• _Exercise_
Drop the images. Copy every line below character for character.

• _Input data_
-------
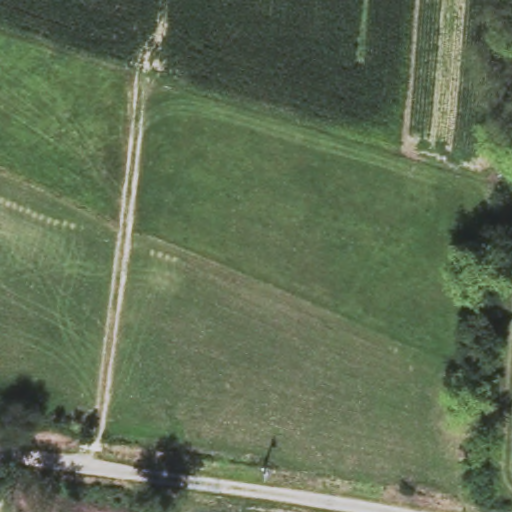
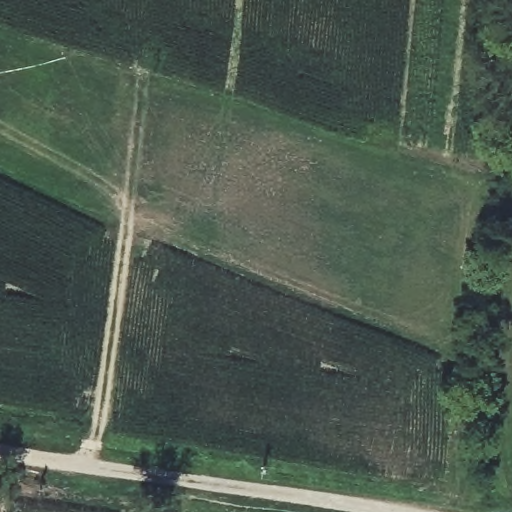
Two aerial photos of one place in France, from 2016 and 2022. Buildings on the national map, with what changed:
unchanged [(169,41),(171,74),(151,73),(150,46),(169,41)]

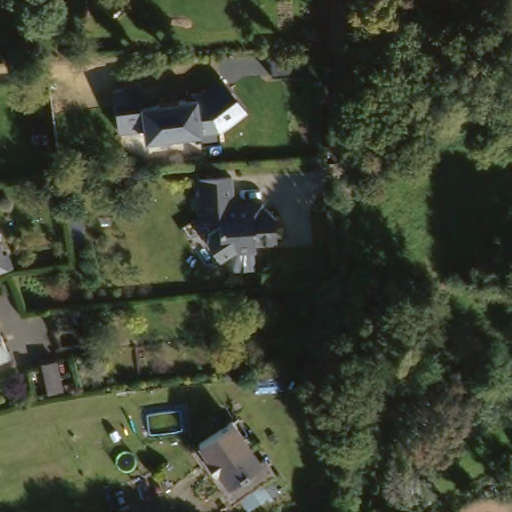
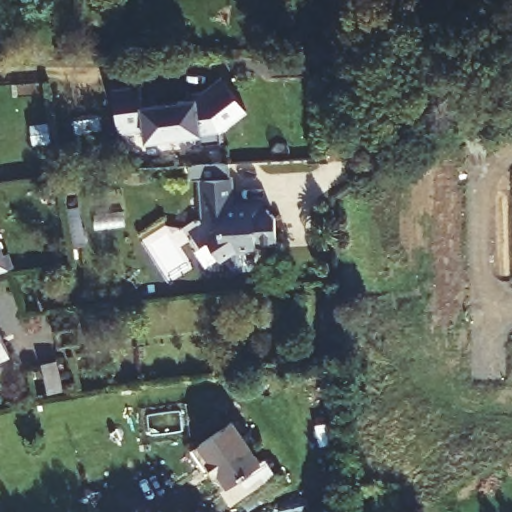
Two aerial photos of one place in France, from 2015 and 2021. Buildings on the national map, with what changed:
unchanged [(242,108),(218,129),(219,139),(200,141),(197,132),(145,139),(142,125),(118,127),(112,86),(138,82),(144,104),(192,97),(217,75),(242,108)]
unchanged [(204,233),(214,223),(214,214),(197,214),(194,174),(225,174),(227,202),(241,201),(247,206),(257,205),(265,213),(267,227),(267,239),(248,239),(249,247),(227,247),(215,253),(205,234),(204,233)]
unchanged [(14,258),(0,262),(0,214),(9,242),(14,258)]
unchanged [(18,354),(0,360),(0,312),(2,311),(18,354)]
unchanged [(232,415),(261,456),(266,452),(277,468),(244,492),(234,478),(232,479),(221,464),(219,466),(210,454),(212,452),(202,438),(232,415)]

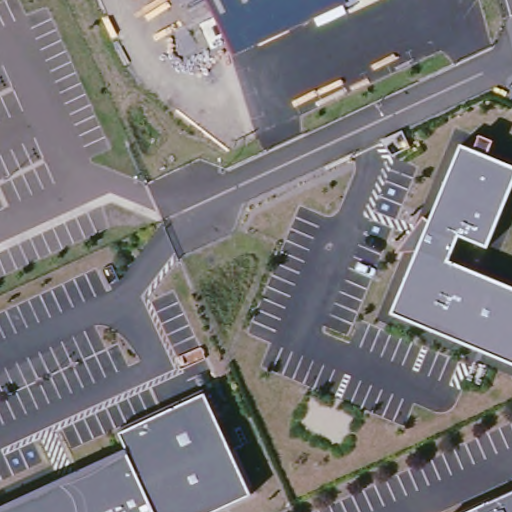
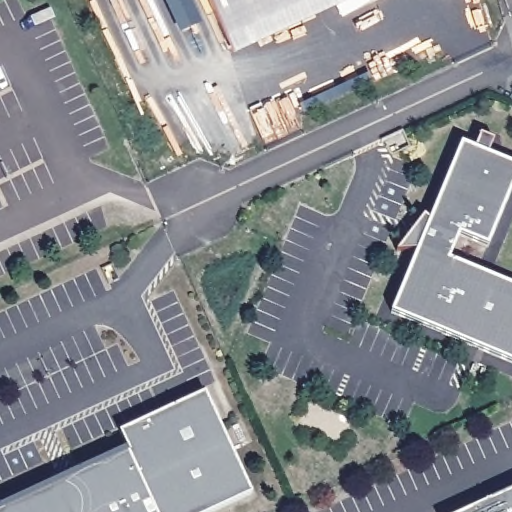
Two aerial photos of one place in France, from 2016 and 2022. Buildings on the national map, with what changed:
unchanged [(350,3),(237,57),(209,0),(349,0),(350,3)]
unchanged [(489,247),(462,236),(451,263),(512,288),(512,361),(393,313),(419,251),(400,252),(427,217),(433,219),(464,146),(477,151),(482,137),(495,143),(489,157),(512,166),(512,197),(489,247)]
unchanged [(0,512),(0,509),(131,451),(123,435),(206,396),(254,495),(217,512),(0,512)]
unchanged [(473,512),(512,495),(512,512),(473,512)]

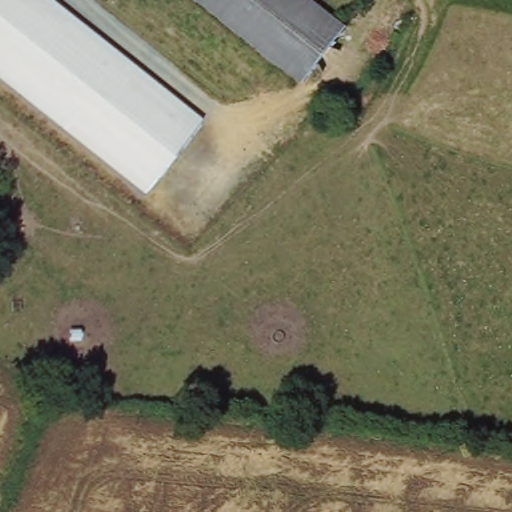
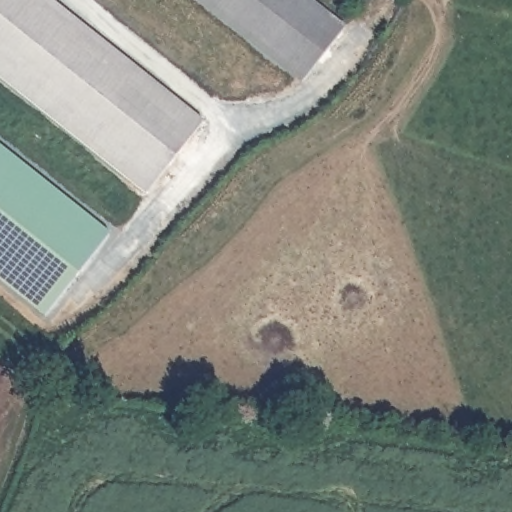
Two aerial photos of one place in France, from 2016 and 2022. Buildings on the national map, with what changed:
-------
• _Task response_
Two aerial photos of one place in France, from 2016 and 2022. Buildings on the national map, with what changed:
unchanged [(169,41),(171,74),(151,73),(150,46),(169,41)]

Two aerial photos of one place in France, from 2015 and 2021. Buildings on the national map, with what changed:
unchanged [(242,108),(218,129),(219,139),(200,141),(197,132),(145,139),(142,125),(118,127),(112,86),(138,82),(144,104),(192,97),(217,75),(242,108)]
unchanged [(204,233),(214,223),(214,214),(197,214),(194,174),(225,174),(227,202),(241,201),(247,206),(257,205),(265,213),(267,227),(267,239),(248,239),(249,247),(227,247),(215,253),(205,234),(204,233)]
unchanged [(14,258),(0,262),(0,214),(9,242),(14,258)]
unchanged [(18,354),(0,360),(0,312),(2,311),(18,354)]
unchanged [(232,415),(261,456),(266,452),(277,468),(244,492),(234,478),(232,479),(221,464),(219,466),(210,454),(212,452),(202,438),(232,415)]

Two aerial photos of one place in France, from 2016 and 2022. Buildings on the national map, with what changed:
unchanged [(350,3),(237,57),(209,0),(349,0),(350,3)]
unchanged [(489,247),(462,236),(451,263),(512,288),(512,361),(393,313),(419,251),(400,252),(427,217),(433,219),(464,146),(477,151),(482,137),(495,143),(489,157),(512,166),(512,197),(489,247)]
unchanged [(0,512),(0,509),(131,451),(123,435),(206,396),(254,495),(217,512),(0,512)]
unchanged [(473,512),(512,495),(512,512),(473,512)]

Two aerial photos of one place in France, from 2016 and 2022. Buildings on the national map, with what changed:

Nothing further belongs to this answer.